Le troisième affrontement se passe au large de Négapatam, le 6 juillet 1782, alors que Suffren cherche à reconquérir ce comptoir néerlandais. Le combat tourne à la mêlée générale, cette fois à̀ cause du vent qui tourne brutalement et disperse les navires. Trois vaisseaux anglais et deux vaisseaux français sont gravement touchés. Trois navires français n’ont que peu ou pas participé à l’engagement, ce qui pousse Suffren à démettre de leur commandement leurs trois capitaines et à remplacer un quatrième pour cause de sénilité.

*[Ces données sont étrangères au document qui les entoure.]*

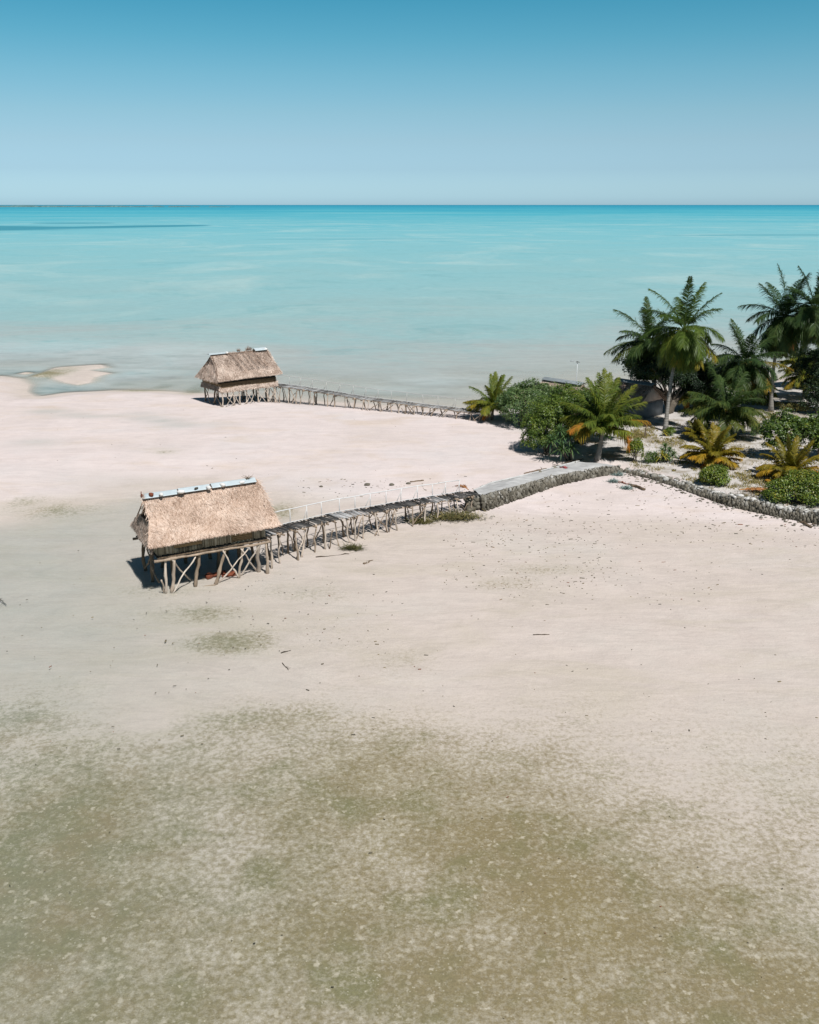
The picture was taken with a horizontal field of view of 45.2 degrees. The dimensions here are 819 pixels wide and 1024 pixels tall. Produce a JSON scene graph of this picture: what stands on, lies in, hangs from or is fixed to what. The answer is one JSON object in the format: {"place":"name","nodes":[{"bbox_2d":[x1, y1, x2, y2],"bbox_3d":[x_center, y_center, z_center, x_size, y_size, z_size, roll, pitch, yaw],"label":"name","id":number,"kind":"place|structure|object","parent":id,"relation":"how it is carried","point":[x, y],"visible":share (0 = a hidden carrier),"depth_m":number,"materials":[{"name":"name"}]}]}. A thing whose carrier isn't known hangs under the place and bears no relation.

Hughes fait retraite et Suffren reste maitre des eaux entre la côte de Coromandel et Ceylan. Suffren appuie dans un premier temps sa logistique sur les petits ports de la région, Porto Novo et Gondelour sur la côte de Coromandel et Batticaloa sur l’ile de Ceylan. Pour tenir plus longtemps, il lui faut une base bien abritée, équipée et facile à̀ défendre. Il décide pour cela d’attaquer Trinquemalay, sur la côte est de Ceylan. L’opération est menée depuis le mouillage voisin de Batticaloa. Elle est montée avec 2 300 hommes combinant cipayes et troupes de marine. Le 26 août 1782, le débarquement se passe sans encombre et les deux forts qui défendent la rade capitulent rapidement,
Hughes arrive trop tard pour secourir sa base, mais provoque une quatrième bataille navale, car Suffren l’attaque immédiatement pour essayer encore une fois de l’anéantir.